The company had "developed safety measures that prevent, detect, and allow us to take action against this heinous abuse," such as age restrictions for contacting strangers, a Meta spokesman said in response to the survey.

A letter signed by 68 well-known security and privacy researchers asserting that the Online Safety Bill would effectively undermine end-to-end encryption was published on Wednesday as well, seemingly to highlight the fervor on both sides of the argument.

The bill requires tech companies to find a way to implement child safety measures while protecting users' privacy, but experts claim this is not possible.

In the letter, it is stated that "our concern is that surveillance technologies are deployed in the spirit of providing online safety.".

"This act seriously jeopardizes online safety and privacy protections. ".
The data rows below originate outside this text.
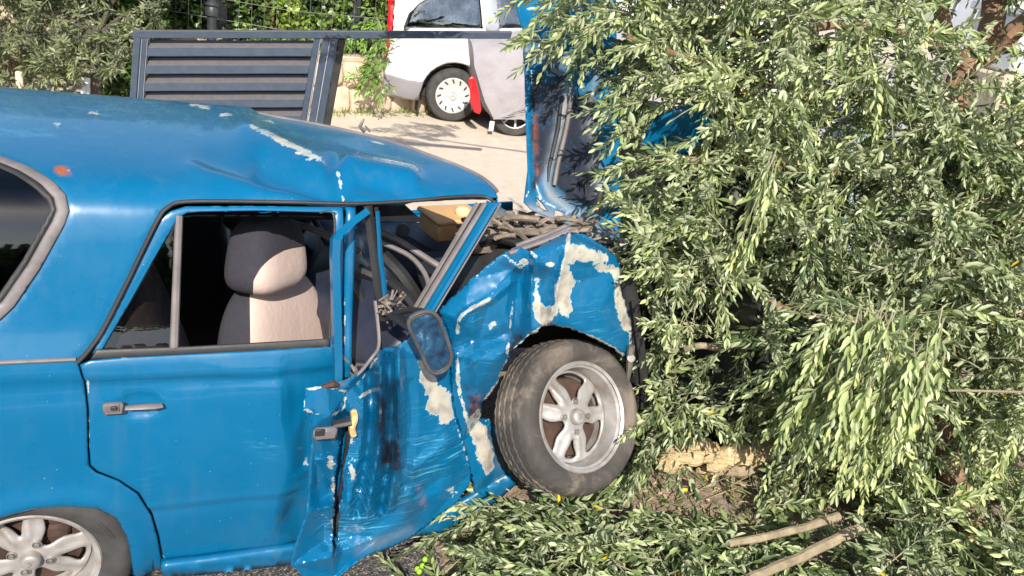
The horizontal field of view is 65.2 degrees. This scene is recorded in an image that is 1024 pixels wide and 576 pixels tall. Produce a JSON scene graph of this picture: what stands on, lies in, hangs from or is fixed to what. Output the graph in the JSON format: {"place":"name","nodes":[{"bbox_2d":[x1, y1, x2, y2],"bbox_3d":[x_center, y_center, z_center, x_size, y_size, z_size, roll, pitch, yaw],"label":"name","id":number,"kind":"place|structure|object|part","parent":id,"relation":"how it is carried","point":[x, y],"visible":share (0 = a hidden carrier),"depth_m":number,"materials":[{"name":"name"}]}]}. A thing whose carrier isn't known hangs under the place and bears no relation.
{"place":"outdoors","nodes":[
{"label":"outdoors","id":0,"kind":"place"},
{"bbox_2d":[129,517,441,575],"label":"road","id":1,"kind":"structure","parent":0,"point":[402,565],"depth_m":2.99,"materials":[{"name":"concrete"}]},
{"bbox_2d":[416,568,421,574],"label":"green fruit","id":2,"kind":"object","parent":1,"relation":"on","point":[418,571],"visible":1,"depth_m":2.98,"materials":[{"name":"green food"}]},
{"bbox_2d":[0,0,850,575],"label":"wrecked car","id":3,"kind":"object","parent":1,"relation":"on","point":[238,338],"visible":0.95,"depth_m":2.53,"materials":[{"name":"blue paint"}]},
{"bbox_3d":[-1.490,-0.102,2.072,0.565,0.417,0.281,-1,25,-24],"label":"side window","id":4,"kind":"part","parent":3,"relation":"part of","materials":[{"name":"black glass"}]},
{"bbox_3d":[-0.873,0.348,2.439,0.761,1.212,0.216,-1,25,-24],"label":"rear door","id":5,"kind":"part","parent":3,"relation":"part of","materials":[{"name":"blue paint"}]},
{"bbox_3d":[-0.504,0.020,2.382,0.082,0.504,0.192,10,23,1],"label":"bent window frame","id":6,"kind":"part","parent":3,"relation":"part of","materials":[{"name":"blue paint"}]},
{"bbox_3d":[-0.395,0.530,2.624,0.666,1.022,0.189,-6,28,-34],"label":"front door","id":7,"kind":"part","parent":3,"relation":"part of","materials":[{"name":"blue paint"}]},
{"bbox_2d":[130,30,511,124],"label":"louvred gate","id":8,"kind":"structure","parent":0,"point":[274,77],"depth_m":6.71,"materials":[{"name":"grey metal"}]},
{"bbox_2d":[347,537,447,575],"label":"loose gravel","id":9,"kind":"structure","parent":0,"point":[384,569],"depth_m":3.04,"materials":[{"name":"grey gravel"}]},
{"bbox_2d":[3,0,963,270],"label":"ground","id":10,"kind":"structure","parent":0,"point":[495,156],"depth_m":9.23,"materials":[{"name":"concrete"}]},
{"bbox_2d":[0,53,32,87],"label":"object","id":11,"kind":"object","parent":10,"relation":"on","point":[17,75],"visible":0.23,"depth_m":7.91,"materials":[{"name":"beige plant"}]},
{"bbox_2d":[0,0,169,94],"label":"oleander tree","id":12,"kind":"object","parent":10,"relation":"on","point":[93,30],"visible":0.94,"depth_m":7.24,"materials":[{"name":"green plant"}]},
{"bbox_2d":[0,0,173,77],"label":"evergreen screen","id":13,"kind":"object","parent":10,"relation":"on","point":[76,45],"visible":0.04,"depth_m":8.88,"materials":[{"name":"green plant"}]},
{"bbox_2d":[98,0,173,96],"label":"shaded shrub","id":14,"kind":"object","parent":10,"relation":"on","point":[120,86],"visible":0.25,"depth_m":8.21,"materials":[{"name":"green plant"}]},
{"bbox_2d":[30,0,387,53],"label":"clipped hedge","id":15,"kind":"object","parent":10,"relation":"on","point":[239,11],"visible":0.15,"depth_m":9.35,"materials":[{"name":"green plant"}]},
{"bbox_2d":[204,0,219,39],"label":"lamp post","id":16,"kind":"object","parent":10,"relation":"on","point":[212,10],"visible":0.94,"depth_m":8.49,"materials":[{"name":"metal"}]},
{"bbox_2d":[0,4,485,112],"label":"stone wall","id":17,"kind":"structure","parent":10,"relation":"on","point":[345,93],"depth_m":9.72,"materials":[{"name":"beige stone"}]},
{"bbox_2d":[40,0,385,55],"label":"wire fence","id":18,"kind":"object","parent":17,"relation":"on","point":[332,14],"visible":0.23,"depth_m":8.96,"materials":[{"name":"grey metal"}]},
{"bbox_2d":[332,0,399,109],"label":"wall creeper","id":19,"kind":"object","parent":17,"relation":"on","point":[377,24],"depth_m":9.48,"materials":[{"name":"green plant"}]},
{"bbox_2d":[309,106,433,119],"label":"grass tufts","id":20,"kind":"object","parent":10,"relation":"on","point":[404,110],"visible":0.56,"depth_m":9.94,"materials":[{"name":"beige plant"}]},
{"bbox_2d":[382,0,793,120],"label":"parked van","id":21,"kind":"object","parent":10,"relation":"on","point":[445,91],"visible":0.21,"depth_m":9.81,"materials":[{"name":"white paint"}]},
{"bbox_2d":[460,30,779,137],"bbox_3d":[1.482,-2.796,10.899,4.636,1.426,1.750,2,24,-17],"label":"covered car","id":22,"kind":"object","parent":10,"relation":"on","point":[497,95],"visible":0.23,"depth_m":9.67,"materials":[{"name":"grey fabric"}]},
{"bbox_2d":[823,105,907,290],"bbox_3d":[2.311,-0.452,5.628,0.443,1.560,0.320,4,24,-13],"label":"utility cabinet","id":23,"kind":"object","parent":10,"relation":"on","point":[897,131],"visible":0.05,"depth_m":5.35,"materials":[{"name":"metal"}]},
{"bbox_2d":[874,1,1023,314],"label":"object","id":24,"kind":"object","parent":10,"relation":"on","point":[1002,65],"visible":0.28,"depth_m":5.11,"materials":[{"name":"paint"}]},
{"bbox_2d":[434,298,1023,575],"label":"soil bank","id":25,"kind":"structure","parent":0,"point":[518,491],"depth_m":3.11,"materials":[{"name":"brown soil"}]},
{"bbox_2d":[430,464,510,543],"bbox_3d":[-0.154,0.765,3.156,0.434,0.373,0.727,15,24,12],"label":"torn branch","id":26,"kind":"object","parent":25,"relation":"on","point":[455,507],"visible":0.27,"depth_m":2.91,"materials":[{"name":"green plant"}]},
{"bbox_2d":[373,431,734,575],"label":"torn branch","id":27,"kind":"object","parent":25,"relation":"on","point":[485,556],"visible":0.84,"depth_m":2.70,"materials":[{"name":"green plant"}]},
{"bbox_2d":[641,473,777,524],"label":"wood chips","id":28,"kind":"object","parent":25,"relation":"on","point":[679,508],"visible":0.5,"depth_m":3.08,"materials":[{"name":"brown wood"}]},
{"bbox_2d":[612,466,829,566],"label":"dry stalks","id":29,"kind":"object","parent":25,"relation":"on","point":[756,486],"visible":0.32,"depth_m":3.10,"materials":[{"name":"brown plant"}]},
{"bbox_2d":[656,435,787,479],"bbox_3d":[0.872,0.695,3.246,0.624,0.178,0.165,2,24,-18],"label":"rock","id":30,"kind":"object","parent":25,"relation":"on","point":[747,461],"visible":0.79,"depth_m":3.18,"materials":[{"name":"beige stone"}]},
{"bbox_2d":[636,443,835,536],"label":"fallen leaves","id":31,"kind":"object","parent":25,"relation":"on","point":[705,476],"visible":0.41,"depth_m":3.13,"materials":[{"name":"brown plant"}]},
{"bbox_2d":[488,0,1023,557],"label":"olive tree","id":32,"kind":"object","parent":25,"relation":"on","point":[954,242],"visible":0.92,"depth_m":2.90,"materials":[{"name":"green plant"}]},
{"bbox_2d":[599,439,915,575],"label":"torn branch","id":33,"kind":"object","parent":25,"relation":"on","point":[768,560],"visible":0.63,"depth_m":2.78,"materials":[{"name":"green plant"}]},
{"bbox_2d":[608,361,961,525],"bbox_3d":[1.253,0.607,3.670,1.923,0.619,1.793,10,23,0],"label":"torn branch","id":34,"kind":"object","parent":25,"relation":"on","point":[829,479],"visible":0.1,"depth_m":3.18,"materials":[{"name":"green plant"}]},
{"bbox_2d":[761,0,980,202],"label":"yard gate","id":35,"kind":"structure","parent":25,"relation":"on","point":[963,13],"depth_m":6.87,"materials":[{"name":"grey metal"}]},
{"bbox_2d":[800,415,1023,575],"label":"torn branch","id":36,"kind":"object","parent":25,"relation":"on","point":[1005,555],"visible":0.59,"depth_m":2.82,"materials":[{"name":"green plant"}]},
{"bbox_2d":[837,0,1023,24],"label":"sky","id":37,"kind":"structure","parent":0,"point":[926,15],"materials":[{"name":"white"}]}
]}

According to experts, it also establishes a precedent for oppressive regimes all over the world to monitor and regulate what people share.

Meanwhile, WhatsApp and Signal have stated that they would prefer to withdraw their services from the UK than have end-to-end encryption security weakened.   .

Elon Musk also announced in May that he was incorporating end-to-end encryption into Twitter messages, which only served to exacerbate the situation for the technology's detractors.

As Meta demonstrates, adopting new technology is difficult and expensive, but, in the end, tech executives believe it is worthwhile.

Big tech views it as essential to reestablishing trust in its services after years of data scandals.

And in a happy coincidence, end-to-end encryption makes the challenging task of moderation for these troubled companies much simpler — if they cannot see what users are sharing, they cannot police it.